→ Exercise objective:
Everything from the line containing "IGES file: header" to the close of the records below should be output exactly, line by line, with no other lines given.
· · · ·
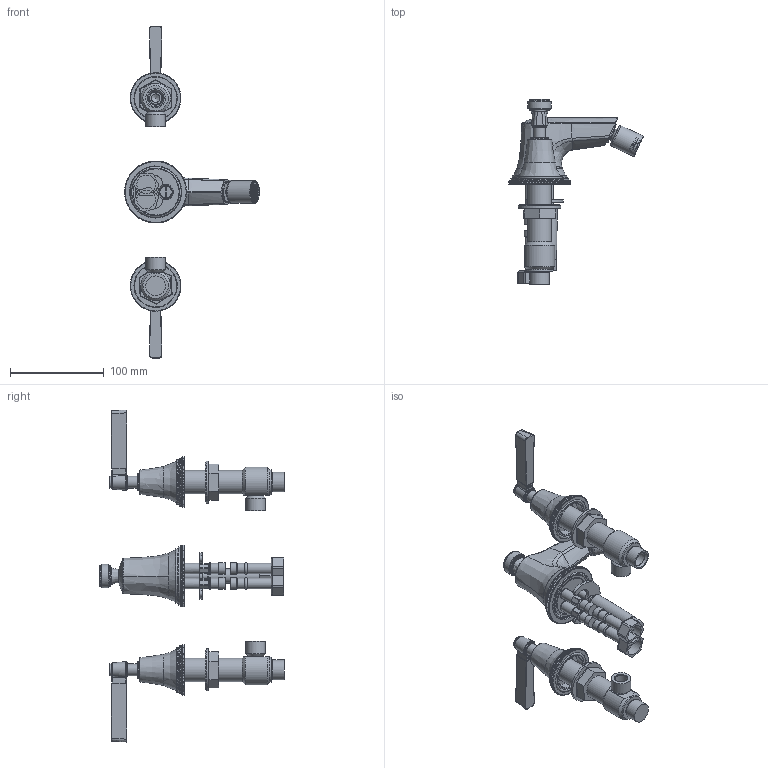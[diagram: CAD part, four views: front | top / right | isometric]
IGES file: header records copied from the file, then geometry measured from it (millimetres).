
Global section: file name: V6K13-M-NP; native system: Autodesk Inventor 2018; preprocessor: unknown; author: aduggalther; date: 20180910.110628; units: millimetre
Bounding box: 143.57 x 197 x 353.8 mm (x, y, z)
Volume: 421398.3 mm3; surface area: 173018.8 mm2
Topology: 51 solids, 55 shells, 4531 faces, 11834 edges, 7686 vertices
Faces by surface type: bspline 4531
· · · ·
→ Response to the exercise:
IGES file: header records copied from the file, then geometry measured from it (millimetres).
Global section: file name: V6K13-M-NP; native system: Autodesk Inventor 2018; preprocessor: unknown; author: aduggalther; date: 20180910.110628; units: millimetre
Bounding box: 143.57 x 197 x 353.8 mm (x, y, z)
Volume: 421398.3 mm3; surface area: 173018.8 mm2
Topology: 51 solids, 55 shells, 4531 faces, 11834 edges, 7686 vertices
Faces by surface type: bspline 4531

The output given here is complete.